*Aim of the exercise:* Please write out every line of the listing without alteration, but omit the images.

*Data:*
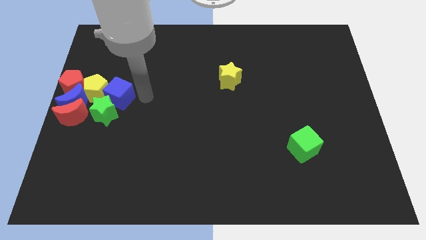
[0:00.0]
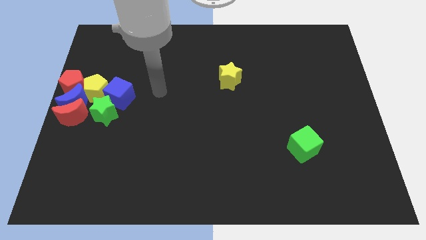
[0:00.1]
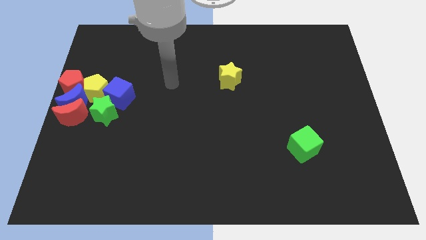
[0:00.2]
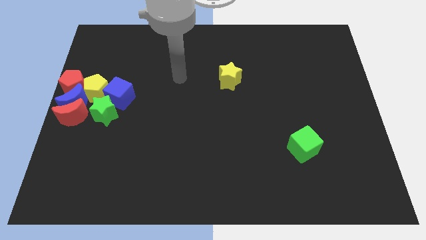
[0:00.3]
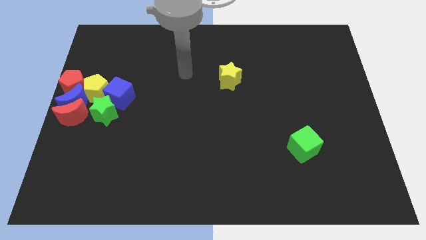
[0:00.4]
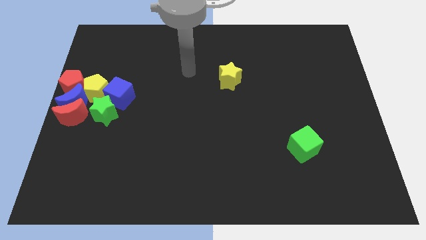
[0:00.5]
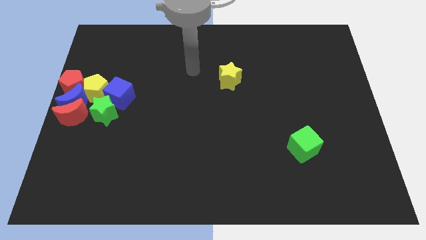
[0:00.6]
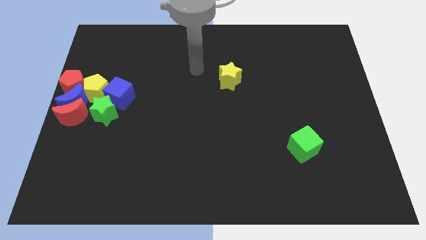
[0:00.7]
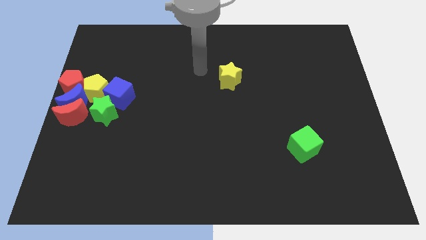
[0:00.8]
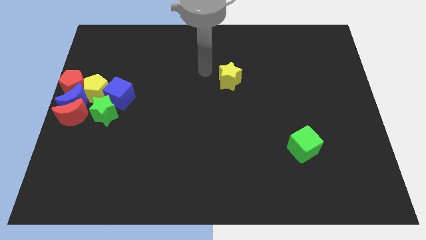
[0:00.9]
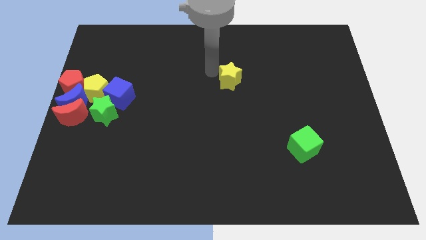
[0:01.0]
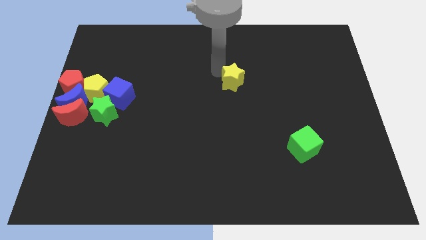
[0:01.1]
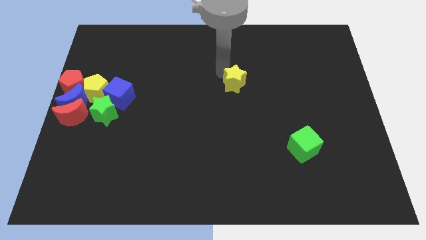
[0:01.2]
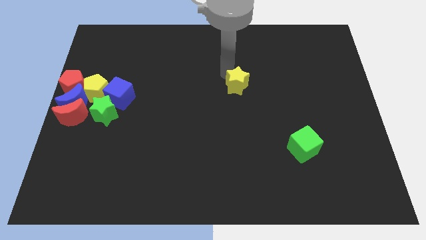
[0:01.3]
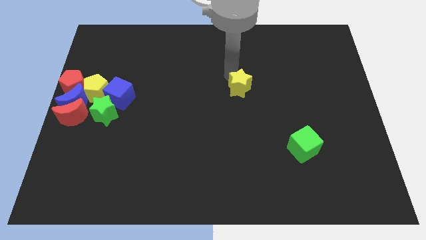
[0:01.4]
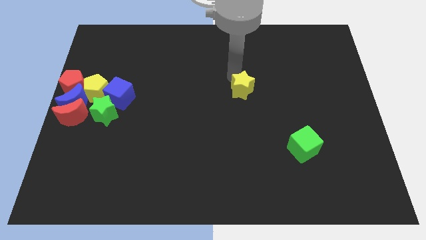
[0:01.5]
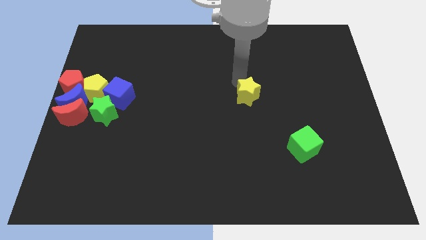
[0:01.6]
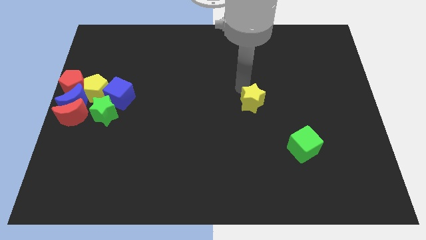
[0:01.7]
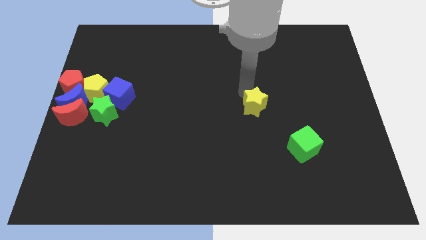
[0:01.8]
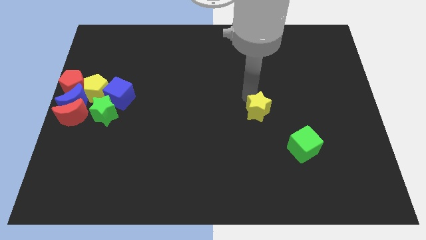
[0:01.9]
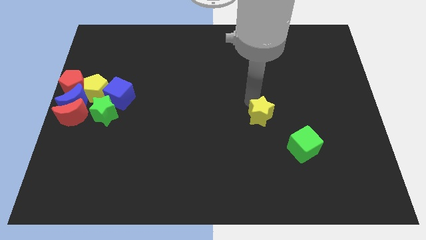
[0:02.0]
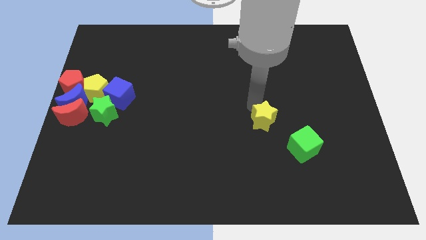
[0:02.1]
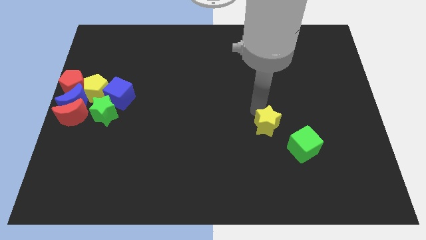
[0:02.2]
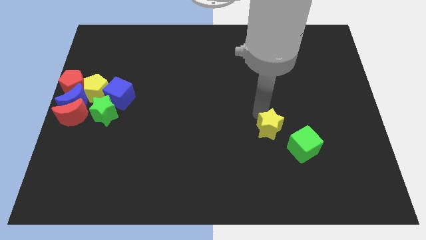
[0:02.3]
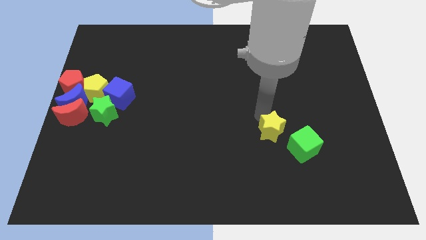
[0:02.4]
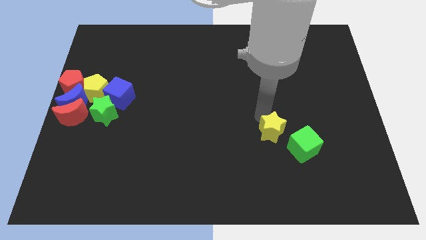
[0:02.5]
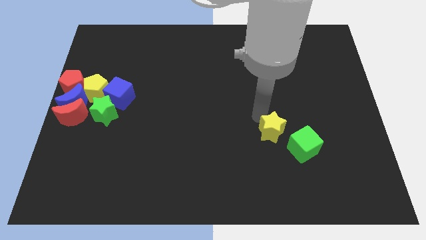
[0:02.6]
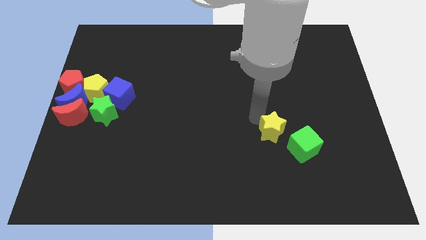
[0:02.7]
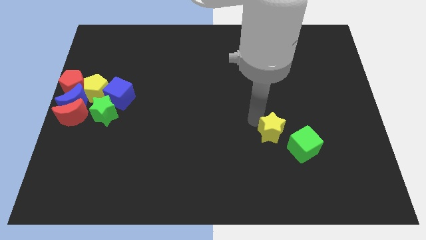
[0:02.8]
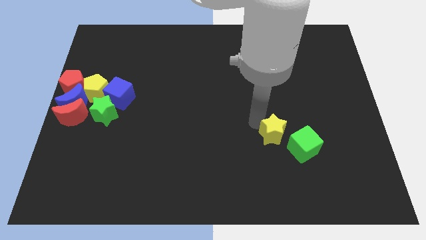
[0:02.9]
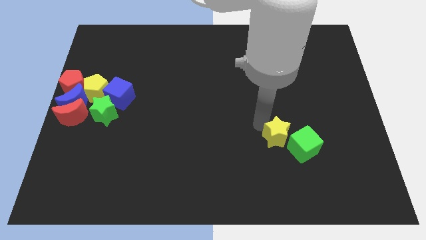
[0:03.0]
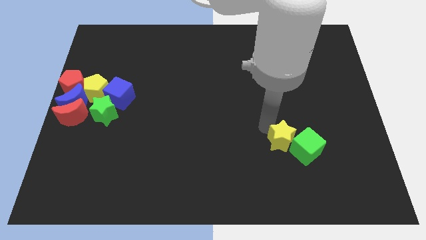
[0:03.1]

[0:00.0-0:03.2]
put the yellow star to the top left side of the green cube

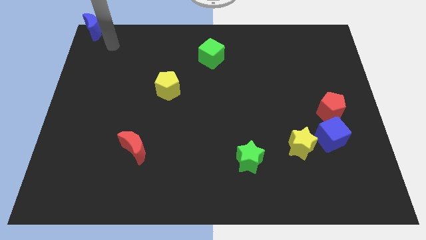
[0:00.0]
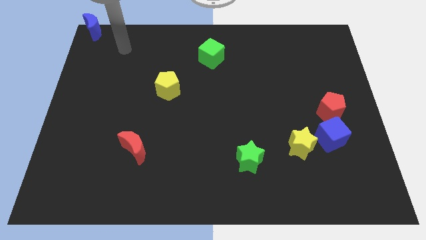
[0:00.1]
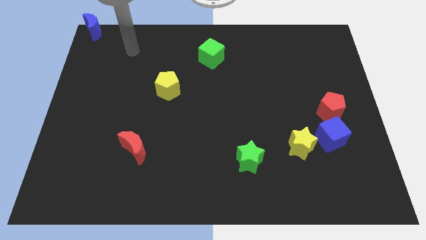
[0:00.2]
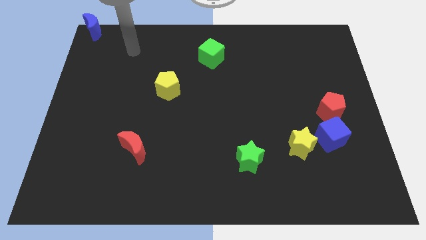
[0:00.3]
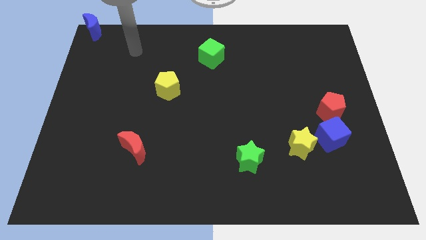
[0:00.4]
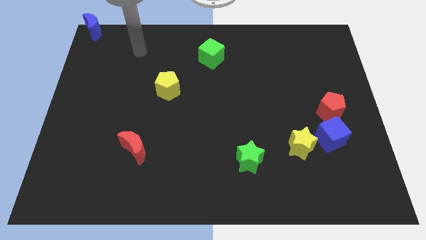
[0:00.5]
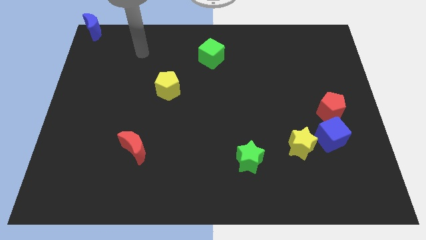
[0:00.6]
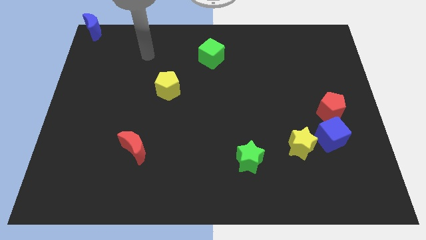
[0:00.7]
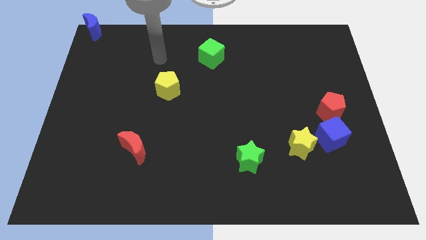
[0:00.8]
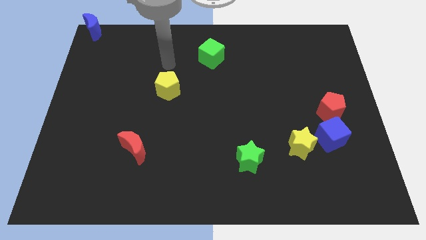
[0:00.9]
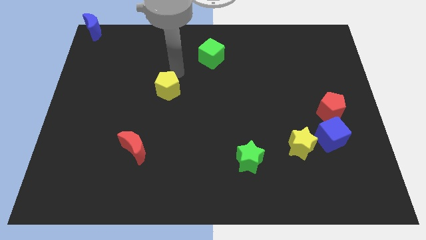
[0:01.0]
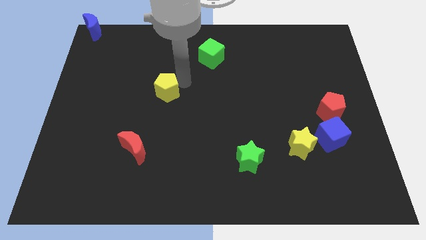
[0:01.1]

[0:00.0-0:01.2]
tap the top side of the yellow pentagon

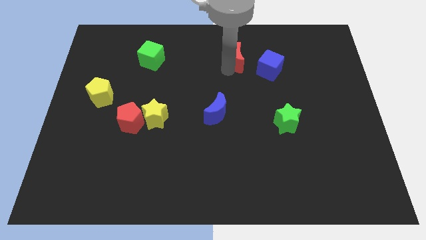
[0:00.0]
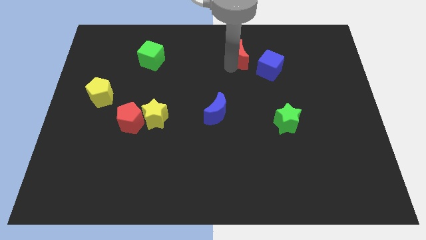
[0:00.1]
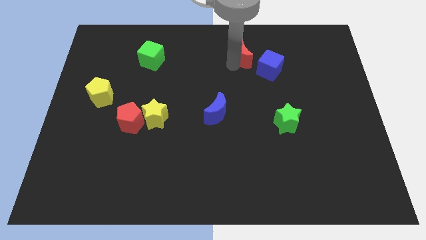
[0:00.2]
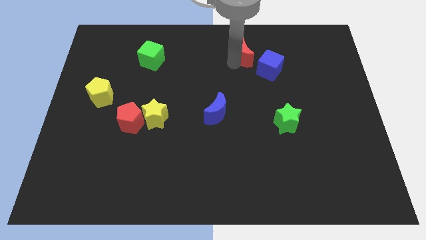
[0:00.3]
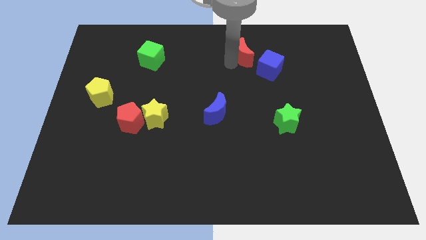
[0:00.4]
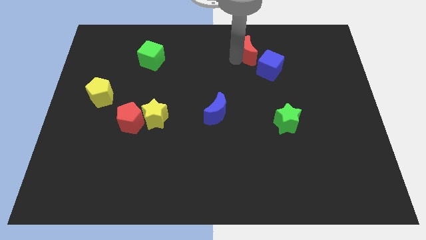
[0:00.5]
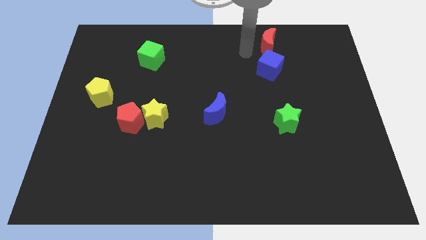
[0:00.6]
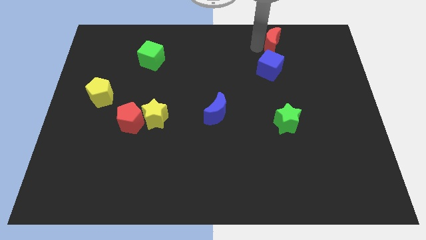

*Response to the exercise:*
[0:00.0]
[0:00.1]
[0:00.2]
[0:00.3]
[0:00.4]
[0:00.5]
[0:00.6]
[0:00.7]
[0:00.8]
[0:00.9]
[0:01.0]
[0:01.1]
[0:01.2]
[0:01.3]
[0:01.4]
[0:01.5]
[0:01.6]
[0:01.7]
[0:01.8]
[0:01.9]
[0:02.0]
[0:02.1]
[0:02.2]
[0:02.3]
[0:02.4]
[0:02.5]
[0:02.6]
[0:02.7]
[0:02.8]
[0:02.9]
[0:03.0]
[0:03.1]

[0:00.0-0:03.2]
put the yellow star to the top left side of the green cube

[0:00.0]
[0:00.1]
[0:00.2]
[0:00.3]
[0:00.4]
[0:00.5]
[0:00.6]
[0:00.7]
[0:00.8]
[0:00.9]
[0:01.0]
[0:01.1]

[0:00.0-0:01.2]
tap the top side of the yellow pentagon

[0:00.0]
[0:00.1]
[0:00.2]
[0:00.3]
[0:00.4]
[0:00.5]
[0:00.6]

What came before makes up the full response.